--- PROMPT ---
Write out the following listing's lines from the one with "Castration." to the one with "results in his", exactly, with both included and no others.

--- EXTRACTED MATERIAL ---
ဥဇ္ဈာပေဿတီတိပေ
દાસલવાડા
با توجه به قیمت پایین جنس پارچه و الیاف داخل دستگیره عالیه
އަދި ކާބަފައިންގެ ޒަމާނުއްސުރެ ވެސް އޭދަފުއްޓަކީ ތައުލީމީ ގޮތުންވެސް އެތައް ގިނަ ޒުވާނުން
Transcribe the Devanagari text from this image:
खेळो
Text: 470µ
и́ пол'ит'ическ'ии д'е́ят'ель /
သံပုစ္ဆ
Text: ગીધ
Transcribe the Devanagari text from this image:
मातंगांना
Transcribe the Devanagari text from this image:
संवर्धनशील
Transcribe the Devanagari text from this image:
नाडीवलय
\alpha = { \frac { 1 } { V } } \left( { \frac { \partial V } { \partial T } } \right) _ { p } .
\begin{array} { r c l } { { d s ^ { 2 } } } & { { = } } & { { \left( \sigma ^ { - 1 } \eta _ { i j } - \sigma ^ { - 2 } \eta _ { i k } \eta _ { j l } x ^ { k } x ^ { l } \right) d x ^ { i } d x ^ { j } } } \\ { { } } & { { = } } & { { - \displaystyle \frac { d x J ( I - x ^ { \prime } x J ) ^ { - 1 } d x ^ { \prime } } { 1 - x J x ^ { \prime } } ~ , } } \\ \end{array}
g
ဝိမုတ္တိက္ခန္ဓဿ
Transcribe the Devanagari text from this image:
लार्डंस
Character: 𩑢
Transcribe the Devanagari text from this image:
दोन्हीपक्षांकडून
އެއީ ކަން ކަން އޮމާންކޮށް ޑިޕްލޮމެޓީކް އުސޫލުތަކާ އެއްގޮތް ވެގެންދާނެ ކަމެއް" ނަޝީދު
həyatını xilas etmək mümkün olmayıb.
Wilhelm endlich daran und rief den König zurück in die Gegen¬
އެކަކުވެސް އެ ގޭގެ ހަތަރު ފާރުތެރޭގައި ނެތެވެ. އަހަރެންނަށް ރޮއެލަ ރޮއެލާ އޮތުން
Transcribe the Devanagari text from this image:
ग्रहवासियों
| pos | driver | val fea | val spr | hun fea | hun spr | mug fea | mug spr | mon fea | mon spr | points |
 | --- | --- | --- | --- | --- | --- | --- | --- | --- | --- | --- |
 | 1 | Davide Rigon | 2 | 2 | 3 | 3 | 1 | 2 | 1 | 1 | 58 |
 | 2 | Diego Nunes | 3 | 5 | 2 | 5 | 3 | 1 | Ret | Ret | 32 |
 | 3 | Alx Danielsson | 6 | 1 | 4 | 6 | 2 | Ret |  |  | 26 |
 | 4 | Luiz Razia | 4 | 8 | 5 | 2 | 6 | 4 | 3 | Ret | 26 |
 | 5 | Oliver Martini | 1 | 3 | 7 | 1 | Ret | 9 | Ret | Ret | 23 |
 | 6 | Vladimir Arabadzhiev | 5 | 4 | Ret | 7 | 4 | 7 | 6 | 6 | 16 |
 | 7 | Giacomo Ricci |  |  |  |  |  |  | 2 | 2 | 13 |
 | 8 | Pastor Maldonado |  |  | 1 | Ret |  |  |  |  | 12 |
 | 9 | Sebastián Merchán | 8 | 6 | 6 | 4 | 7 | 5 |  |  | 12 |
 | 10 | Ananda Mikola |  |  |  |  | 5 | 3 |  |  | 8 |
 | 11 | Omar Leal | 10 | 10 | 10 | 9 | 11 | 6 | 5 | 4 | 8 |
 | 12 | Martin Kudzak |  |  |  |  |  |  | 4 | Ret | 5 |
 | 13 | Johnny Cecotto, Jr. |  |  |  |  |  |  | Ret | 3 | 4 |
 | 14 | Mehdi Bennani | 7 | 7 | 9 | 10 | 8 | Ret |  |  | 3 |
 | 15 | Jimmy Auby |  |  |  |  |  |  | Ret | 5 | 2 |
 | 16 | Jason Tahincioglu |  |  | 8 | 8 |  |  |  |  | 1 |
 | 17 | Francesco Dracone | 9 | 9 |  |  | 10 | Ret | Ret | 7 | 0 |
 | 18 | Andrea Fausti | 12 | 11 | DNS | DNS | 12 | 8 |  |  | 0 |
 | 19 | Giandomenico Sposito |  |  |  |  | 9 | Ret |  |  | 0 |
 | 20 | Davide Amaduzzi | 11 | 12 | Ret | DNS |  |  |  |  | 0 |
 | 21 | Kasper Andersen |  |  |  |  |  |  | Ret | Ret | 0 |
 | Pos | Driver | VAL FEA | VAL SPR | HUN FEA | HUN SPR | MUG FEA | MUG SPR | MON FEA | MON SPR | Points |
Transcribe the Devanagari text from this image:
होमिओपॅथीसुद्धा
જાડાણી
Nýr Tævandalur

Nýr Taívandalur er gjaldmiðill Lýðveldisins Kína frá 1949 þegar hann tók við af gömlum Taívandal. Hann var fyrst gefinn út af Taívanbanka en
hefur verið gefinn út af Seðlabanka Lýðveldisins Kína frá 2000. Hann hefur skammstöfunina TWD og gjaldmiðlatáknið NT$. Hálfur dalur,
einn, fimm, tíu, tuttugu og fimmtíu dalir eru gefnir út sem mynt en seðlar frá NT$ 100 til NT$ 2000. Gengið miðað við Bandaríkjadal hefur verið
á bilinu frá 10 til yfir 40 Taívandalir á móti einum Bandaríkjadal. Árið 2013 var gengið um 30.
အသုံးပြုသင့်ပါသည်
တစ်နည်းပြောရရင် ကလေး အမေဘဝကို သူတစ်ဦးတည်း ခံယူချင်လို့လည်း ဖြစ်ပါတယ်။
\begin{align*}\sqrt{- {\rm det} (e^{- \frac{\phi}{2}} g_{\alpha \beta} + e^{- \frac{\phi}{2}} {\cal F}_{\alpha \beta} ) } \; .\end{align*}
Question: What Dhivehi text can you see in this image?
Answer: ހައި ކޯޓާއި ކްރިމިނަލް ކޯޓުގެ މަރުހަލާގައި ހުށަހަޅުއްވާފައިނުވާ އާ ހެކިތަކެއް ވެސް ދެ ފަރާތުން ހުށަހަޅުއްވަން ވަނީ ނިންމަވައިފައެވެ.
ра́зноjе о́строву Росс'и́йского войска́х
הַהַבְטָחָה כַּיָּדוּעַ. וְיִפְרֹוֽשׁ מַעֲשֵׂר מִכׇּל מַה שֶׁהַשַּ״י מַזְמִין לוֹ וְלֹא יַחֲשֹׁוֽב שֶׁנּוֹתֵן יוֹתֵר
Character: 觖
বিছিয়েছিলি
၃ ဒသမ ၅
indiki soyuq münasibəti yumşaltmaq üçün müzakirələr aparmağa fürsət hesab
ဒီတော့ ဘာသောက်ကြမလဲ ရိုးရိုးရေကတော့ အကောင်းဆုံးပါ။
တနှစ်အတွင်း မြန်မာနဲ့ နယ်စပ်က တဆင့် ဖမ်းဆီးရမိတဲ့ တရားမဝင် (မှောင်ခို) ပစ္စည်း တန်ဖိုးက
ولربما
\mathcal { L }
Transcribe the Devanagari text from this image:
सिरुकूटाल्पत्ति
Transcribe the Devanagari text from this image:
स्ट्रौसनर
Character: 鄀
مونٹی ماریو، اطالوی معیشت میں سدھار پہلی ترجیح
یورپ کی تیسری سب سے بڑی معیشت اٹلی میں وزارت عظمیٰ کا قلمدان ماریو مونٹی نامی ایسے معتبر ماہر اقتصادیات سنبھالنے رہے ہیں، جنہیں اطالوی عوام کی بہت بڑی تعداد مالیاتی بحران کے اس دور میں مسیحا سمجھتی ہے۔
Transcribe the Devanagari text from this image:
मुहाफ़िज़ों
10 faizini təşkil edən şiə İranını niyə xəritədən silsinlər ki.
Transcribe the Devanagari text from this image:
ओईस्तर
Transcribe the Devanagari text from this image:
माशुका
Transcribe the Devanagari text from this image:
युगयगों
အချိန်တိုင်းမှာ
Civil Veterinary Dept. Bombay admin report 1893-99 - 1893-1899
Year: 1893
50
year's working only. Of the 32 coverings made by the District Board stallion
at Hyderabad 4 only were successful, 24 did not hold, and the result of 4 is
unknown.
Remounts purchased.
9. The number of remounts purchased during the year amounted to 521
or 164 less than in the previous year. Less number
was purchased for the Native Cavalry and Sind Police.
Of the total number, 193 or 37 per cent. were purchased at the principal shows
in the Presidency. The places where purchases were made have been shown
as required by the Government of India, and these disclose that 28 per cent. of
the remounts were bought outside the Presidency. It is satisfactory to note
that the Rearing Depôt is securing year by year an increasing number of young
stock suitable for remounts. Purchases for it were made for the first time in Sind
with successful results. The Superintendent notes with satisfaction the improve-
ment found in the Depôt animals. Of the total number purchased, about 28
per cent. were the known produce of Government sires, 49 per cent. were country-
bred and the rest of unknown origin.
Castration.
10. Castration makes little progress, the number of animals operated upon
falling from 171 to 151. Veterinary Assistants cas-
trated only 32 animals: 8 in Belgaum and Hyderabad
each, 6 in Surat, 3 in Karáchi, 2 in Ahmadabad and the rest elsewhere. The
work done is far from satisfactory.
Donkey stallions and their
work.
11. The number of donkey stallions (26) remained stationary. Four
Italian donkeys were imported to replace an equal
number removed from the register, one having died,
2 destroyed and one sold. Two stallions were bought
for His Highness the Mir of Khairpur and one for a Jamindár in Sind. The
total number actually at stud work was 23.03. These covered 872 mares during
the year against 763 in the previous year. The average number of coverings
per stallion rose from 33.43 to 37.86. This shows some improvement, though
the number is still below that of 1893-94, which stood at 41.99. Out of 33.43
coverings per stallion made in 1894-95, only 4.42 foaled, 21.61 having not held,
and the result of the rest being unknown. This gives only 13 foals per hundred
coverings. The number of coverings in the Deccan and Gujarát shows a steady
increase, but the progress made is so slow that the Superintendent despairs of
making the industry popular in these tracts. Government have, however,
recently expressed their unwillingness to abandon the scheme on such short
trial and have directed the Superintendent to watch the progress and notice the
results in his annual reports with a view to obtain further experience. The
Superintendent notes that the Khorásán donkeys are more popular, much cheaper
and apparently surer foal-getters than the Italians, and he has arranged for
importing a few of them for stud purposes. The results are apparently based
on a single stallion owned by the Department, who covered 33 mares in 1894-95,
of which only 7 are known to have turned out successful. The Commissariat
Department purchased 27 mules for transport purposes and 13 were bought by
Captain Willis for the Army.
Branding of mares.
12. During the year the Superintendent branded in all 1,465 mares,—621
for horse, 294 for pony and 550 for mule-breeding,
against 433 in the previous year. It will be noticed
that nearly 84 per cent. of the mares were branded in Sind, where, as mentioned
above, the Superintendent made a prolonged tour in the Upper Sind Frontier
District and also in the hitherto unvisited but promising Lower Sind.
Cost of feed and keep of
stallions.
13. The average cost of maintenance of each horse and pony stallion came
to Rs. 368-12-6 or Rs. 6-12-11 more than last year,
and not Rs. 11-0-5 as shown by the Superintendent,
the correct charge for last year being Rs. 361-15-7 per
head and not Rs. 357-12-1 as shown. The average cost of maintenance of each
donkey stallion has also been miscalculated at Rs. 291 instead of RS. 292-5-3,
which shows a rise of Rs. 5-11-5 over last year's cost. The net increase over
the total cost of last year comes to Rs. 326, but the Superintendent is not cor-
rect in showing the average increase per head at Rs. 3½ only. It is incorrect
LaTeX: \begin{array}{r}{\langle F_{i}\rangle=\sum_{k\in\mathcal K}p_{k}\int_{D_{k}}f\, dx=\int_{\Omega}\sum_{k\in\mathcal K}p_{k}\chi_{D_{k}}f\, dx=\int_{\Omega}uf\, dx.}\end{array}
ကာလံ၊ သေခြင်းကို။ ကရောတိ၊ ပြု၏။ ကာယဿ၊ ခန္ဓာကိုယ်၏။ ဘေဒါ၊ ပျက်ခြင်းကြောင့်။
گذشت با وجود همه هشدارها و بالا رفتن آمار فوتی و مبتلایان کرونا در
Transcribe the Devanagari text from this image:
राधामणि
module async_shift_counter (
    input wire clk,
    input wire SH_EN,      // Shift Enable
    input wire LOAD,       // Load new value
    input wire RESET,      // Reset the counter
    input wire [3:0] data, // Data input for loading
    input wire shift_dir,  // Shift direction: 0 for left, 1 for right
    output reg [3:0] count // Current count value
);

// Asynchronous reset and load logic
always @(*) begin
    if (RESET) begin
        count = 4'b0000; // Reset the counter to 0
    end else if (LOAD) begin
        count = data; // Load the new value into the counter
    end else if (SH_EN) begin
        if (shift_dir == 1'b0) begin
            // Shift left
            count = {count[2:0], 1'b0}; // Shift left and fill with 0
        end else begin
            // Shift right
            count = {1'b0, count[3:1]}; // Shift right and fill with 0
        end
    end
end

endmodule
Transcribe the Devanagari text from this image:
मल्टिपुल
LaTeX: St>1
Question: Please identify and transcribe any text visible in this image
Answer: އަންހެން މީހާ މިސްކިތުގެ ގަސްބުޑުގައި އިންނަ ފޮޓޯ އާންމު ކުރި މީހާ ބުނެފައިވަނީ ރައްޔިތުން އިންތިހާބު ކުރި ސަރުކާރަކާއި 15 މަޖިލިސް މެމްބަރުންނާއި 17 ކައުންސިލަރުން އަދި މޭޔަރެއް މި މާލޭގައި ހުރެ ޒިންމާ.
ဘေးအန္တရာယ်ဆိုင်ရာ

--- TASK RESULT ---
Castration.
10. Castration makes little progress, the number of animals operated upon
falling from 171 to 151. Veterinary Assistants cas-
trated only 32 animals: 8 in Belgaum and Hyderabad
each, 6 in Surat, 3 in Karáchi, 2 in Ahmadabad and the rest elsewhere. The
work done is far from satisfactory.
Donkey stallions and their
work.
11. The number of donkey stallions (26) remained stationary. Four
Italian donkeys were imported to replace an equal
number removed from the register, one having died,
2 destroyed and one sold. Two stallions were bought
for His Highness the Mir of Khairpur and one for a Jamindár in Sind. The
total number actually at stud work was 23.03. These covered 872 mares during
the year against 763 in the previous year. The average number of coverings
per stallion rose from 33.43 to 37.86. This shows some improvement, though
the number is still below that of 1893-94, which stood at 41.99. Out of 33.43
coverings per stallion made in 1894-95, only 4.42 foaled, 21.61 having not held,
and the result of the rest being unknown. This gives only 13 foals per hundred
coverings. The number of coverings in the Deccan and Gujarát shows a steady
increase, but the progress made is so slow that the Superintendent despairs of
making the industry popular in these tracts. Government have, however,
recently expressed their unwillingness to abandon the scheme on such short
trial and have directed the Superintendent to watch the progress and notice the
results in his annual reports with a view to obtain further experience. The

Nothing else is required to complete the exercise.